Direi che si manifesta l’occasione per ripensare alla poesia come qualcosa che ci riguarda di qualsiasi cosa o argomento si occupi! Oggi nel tritatutto che ha ingoiato valori, idee, parole e significati, sono finite anche le intenzioni e le regole dell’ispirazione e produzione poetica: al poeta tocca decidere in quale posizione collocarsi. Il poeta traduce sempre anche il frastuono del suo tempo, ma oggi dovrà scegliere se replicarlo nell’effimero di una cultura di massa, oppure ricordare che, di qualsiasi contenuto si tratti, la poesia sorge pur sempre come mistero, come parola stupefacente, senza tradire il proprio linguaggio, come scrivo nella prefazione.

Questa antologia, tengo a ribadirlo, rimane una raccolta in versi, curata stilisticamente nonostante la presa diretta sull’attualità. Diciamo che questa antologia lascia senza risposta un interrogativo: -che fare?- Ossia fotografa uno stato, non indica soluzioni, dunque non rappresenta un processo o un percorso finale e finito, piuttosto, un punto di inizio.
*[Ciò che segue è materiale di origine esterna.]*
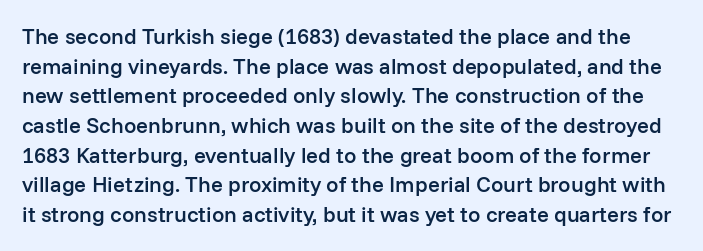
The face used here is rendered with its standard letterfit. Compared with typical paragraphs, the rows here are spaced about the same. Is the type bold? Partly — it's a semibold, heavier than regular but not fully bold. You can tell it's not italic because the verticals are truly vertical.
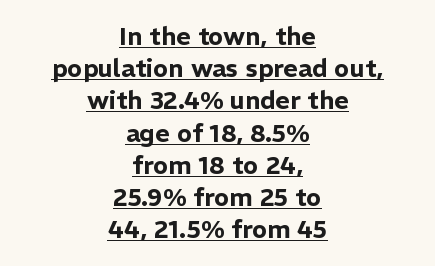
The image shows 25 px text type, upright; set centered, normal line spacing (1.29x), normal letter spacing, underlined.
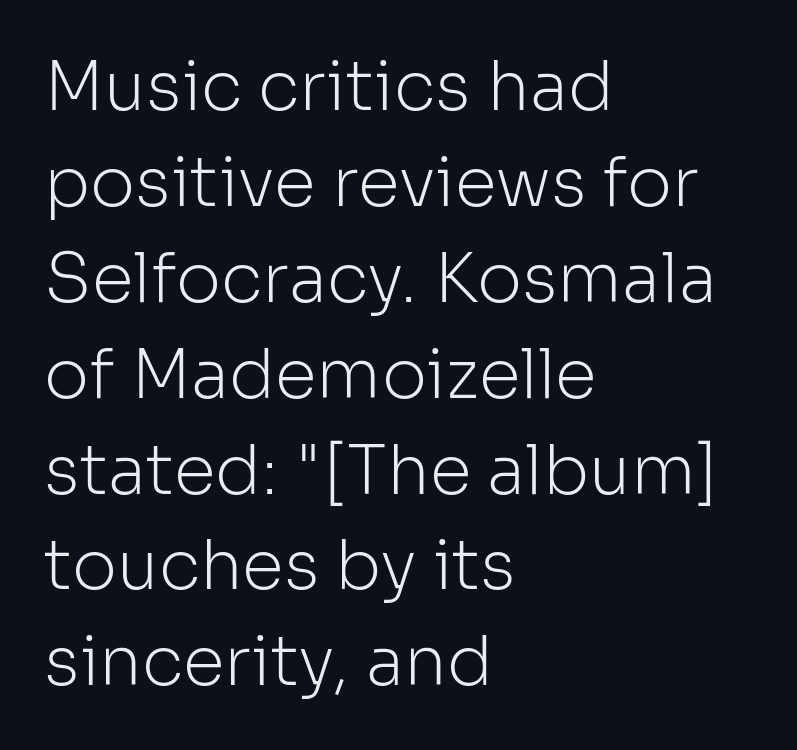
The glyphs in this specimen are sans serif. This reads as an unemphasized weight, regular at the heaviest. These lines stack with their left ends in a neat column. This is the regular roman posture of the typeface. The leading is moderate, giving the passage an even texture. A typesetter would call this proportional, since set widths differ per character.
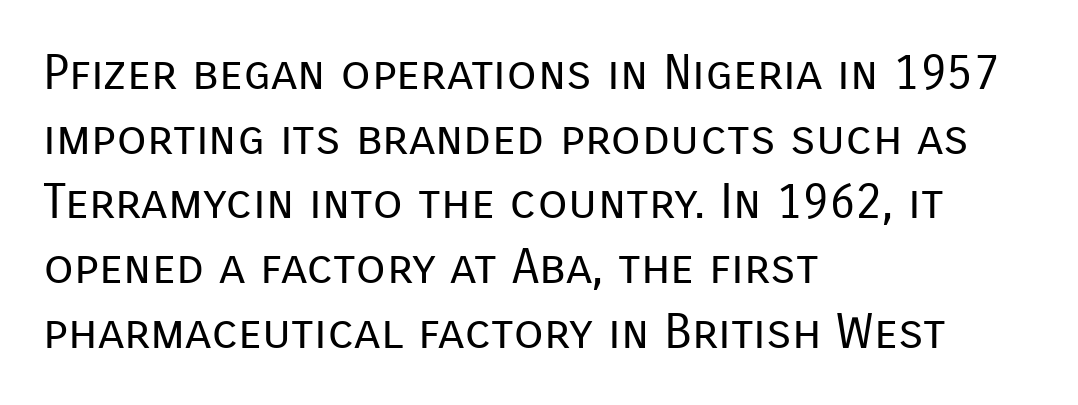
You could not count columns in this text — the font is proportionally spaced. Horizontal alignment here is leftward, the default for most running prose. What stands out about the letter spacing? Nothing — it is the standard amount. Letters have the restrained weight of plain body copy at most. This sample uses a sans-serif face.
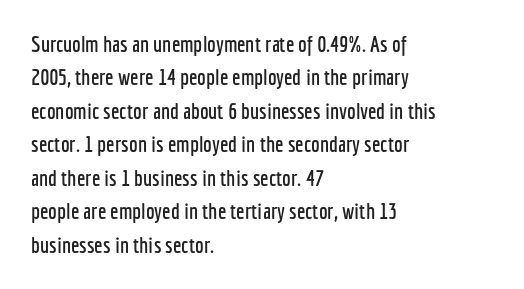
{"italic": "no", "underline": "no", "align": "left", "line_spacing": "normal", "line_spacing_ratio": 1.52, "letter_spacing": "normal", "letter_spacing_em": 0.0, "glyph_px": 22}
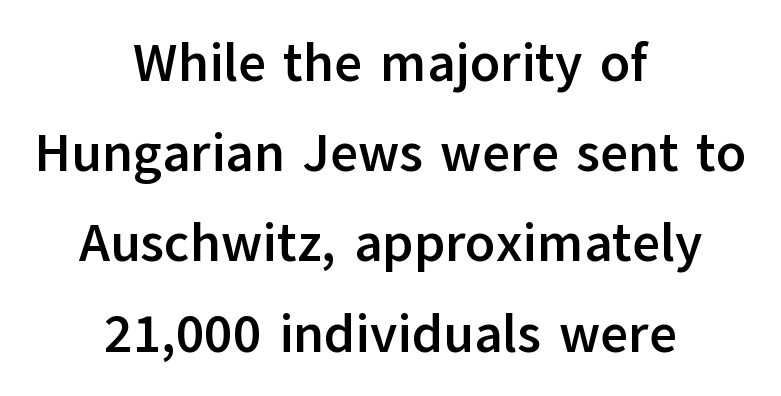
Q: Is the text bold? A: Yes.
Q: Is the text italic (slanted)? A: No, it is upright.
Q: Is the typeface a serif or a sans-serif typeface? A: Sans-serif.
Q: Is the text underlined? A: No.
Q: How is the paragraph aligned? A: Centered.
Q: Is the spacing between letters normal or unusually wide? A: Normal.
Q: Is the spacing between lines tight, normal or loose? A: Normal.
Q: Width (condensed, normal, or wide)? A: Normal.
Q: Stroke contrast? A: Low.
Q: x-height? A: Medium.
Q: Monospaced? A: No.
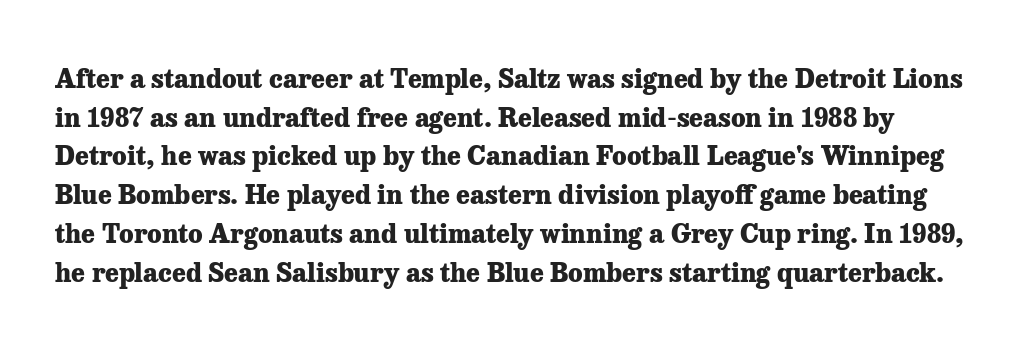
Q: Is the text bold? A: Yes.
Q: Is the text italic (slanted)? A: No, it is upright.
Q: Is the text underlined? A: No.
Q: Is the spacing between letters normal or unusually wide? A: Normal.
Q: Is the spacing between lines tight, normal or loose? A: Normal.
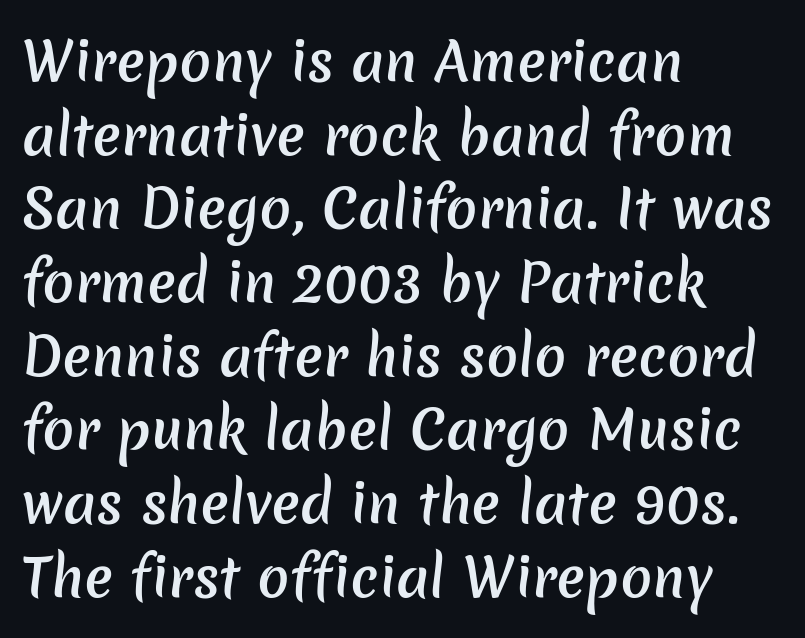
The image shows 53 px semibold sans-serif type; set left-aligned, normal line spacing (1.39x), normal letter spacing, not underlined; low stroke contrast and a medium x-height.
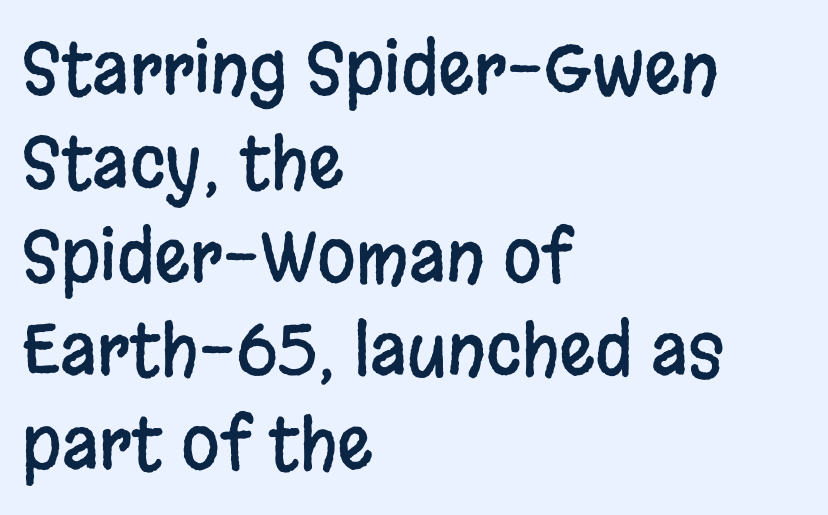
The image shows 70 px condensed sans-serif type, upright; set left-aligned, normal line spacing (1.34x), normal letter spacing, not underlined; low stroke contrast and a large x-height.
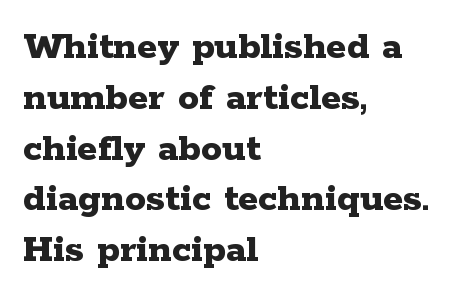
The image shows 42 px bold, wide serif type, upright; set left-aligned, line spacing 1.21x, normal letter spacing, not underlined; low stroke contrast and a medium x-height.
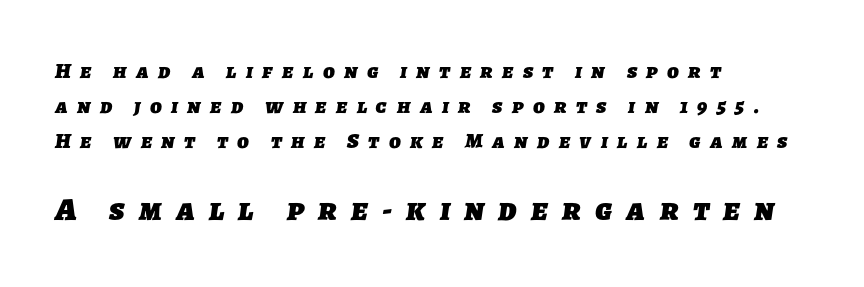
The image shows 33 px heavy sans-serif type; set left-aligned, normal line spacing (1.58x), unusually wide letter spacing (+0.43 em), not underlined; the second (bottom) block is 1.5x larger; low stroke contrast and a medium x-height.
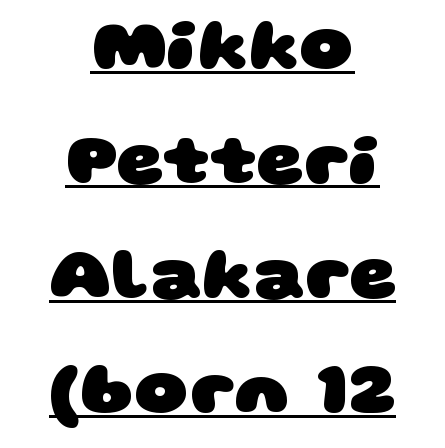
Q: Is the text bold? A: Yes.
Q: Is the typeface a serif or a sans-serif typeface? A: Sans-serif.
Q: Is the text underlined? A: Yes.
Q: How is the paragraph aligned? A: Centered.
Q: Is the spacing between letters normal or unusually wide? A: Normal.
Q: Is the spacing between lines tight, normal or loose? A: Normal.
Q: Width (condensed, normal, or wide)? A: Wide.
Q: Stroke contrast? A: Low.
Q: x-height? A: Large.
Q: Monospaced? A: No.
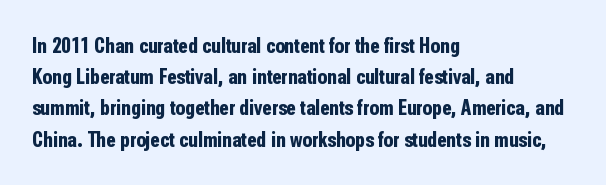
Q: Is the text bold? A: Yes.
Q: Is the text italic (slanted)? A: No, it is upright.
Q: Is the text underlined? A: No.
Q: How is the paragraph aligned? A: Left-aligned.
Q: Is the spacing between letters normal or unusually wide? A: Normal.
Q: Is the spacing between lines tight, normal or loose? A: Normal.
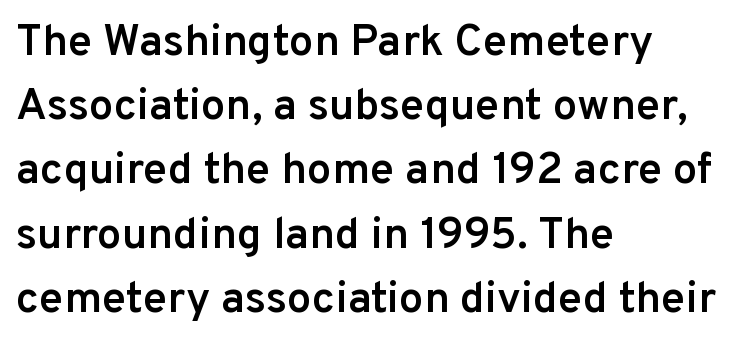
Here the designer chose a conventional face with non-uniform glyph widths. A typesetter would mark this as roman, not italic. The words here are not underlined. Weight check: semibold — heavier than regular, not quite bold. Words appear dense and cohesive because spacing is normal. Compared with typical paragraphs, the rows here are spaced about the same.
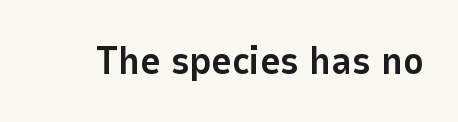
The image shows 39 px bold sans-serif type, upright; set normal letter spacing, not underlined; low stroke contrast and a medium x-height.
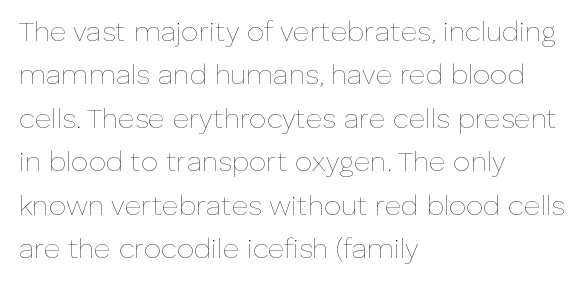
{"italic": "no", "bold": "no", "weight": "thin", "width": "normal", "stroke_contrast": "low", "x_height": "medium", "monospaced": "no", "underline": "no", "align": "left", "line_spacing": "normal", "line_spacing_ratio": 1.55, "letter_spacing": "normal", "letter_spacing_em": 0.0, "glyph_px": 28}
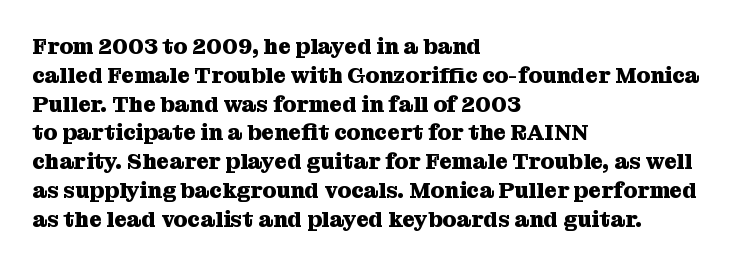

È stato detto: “l’ultima sezione non è ancora scritta, riguarda il futuro e la riconquista della sua nobiltà. È una visione che non concede arresti, che invita a raccogliere le forze: non sprecare un attimo di vita, non abbassare la guardia, non abbassare la testa“.
Esistono già, prima di questa, antologie sul Lavoro dove però non vengono raccolte scritture esclusivamente poetiche. Inoltre, ospitano, tra gli altri, poeti della generazione precedente per la quale il lavoro, con tutto il suo corredo di sfruttamento, è dato per certo, per un tempo e in condizioni indeterminati, e non con il carattere attuale di precarietà e scomposizione di una intera classe (come ci dice Eliana Como che non a caso ho coinvolto nell’introduzione politica).
Mi auguro questa raccolta divenga strumento nelle mani o per sostenere le lotte di lavoratori e lavoratrici, in una ri-creazione o in commistione con i linguaggi che le caratterizzano.Si tratta quindi di voler dare una risposta all’inefficacia di certa poesia civile e uno stimolo creativo al mondo politico e sindacale. Si tratta, infine, di un desiderio piuttosto comune: parlare degli esseri umani agli esseri umani, comprendere che la tragedia riguarda il cittadino globale e dunque si abbatte su ognuno di noi, sulle disillusioni, sui sogni, sull’umanità mancata, sulla relazione con l’altro e la natura. Insomma, non si può più agire da soli né nella vita né nell’arte; unirsi significa rimettersi al centro. L’augurio è che il progetto letterario possa coincidere con una pratica politica di lotta e rinascita.

 

Valeria Raimondi vive a Brescia dove nel 2010 fonda l’associazione culturale Movimento dal Sottosuolo che promuove incontri e progetti internazionali di poesia.  Nel 2016 viene tradotta in lingua albanese (Gilgamesh ed.) insieme ai poeti Beppe Costa e Jack Hirschman: antologia a tre voci presentata nelle principali università di Albania. Partecipa ad antologie sui temi dei respingimenti, delle carceri e delle guerre.
Alcuni inediti sono ospitati in Distanze, Fara ed., ed alcune invettive nella Gazzetta dei Dipartimenti del Collage de ‘Pataphysique.  Un suo testo è “intro” dell’album musicale dei DUNK.
Una decina di testi inediti vengono tradotti nel 2018 in lingua portoghese e presentati a San Paolo del Brasile. Con Donne A(t)traverso propone un recital narrativo sulle origini della violenza di genere. Nel 2011 esce la silloge poetica  Io no (ex-io) e nel 2014, Debito il Tempo, opera vincitrice del Premio Eros e Kaìros, entrambe ripubblicate con Pellicano ed.
Nel 2019 La nostra classe sepolta, cronache poetiche dai mondi del lavoro, Pietre Vive ed., raccoglie una selezioni di testi in versi, di lavoratori e lavoratrici distribuiti su tutto il territorio nazionale. Tra marzo e giugno 2020 scrive alcuni articoli sull’emergenza CoVid in Lombardia per i blog Carmilla, Social rights, Critica Impura e per MicroMega.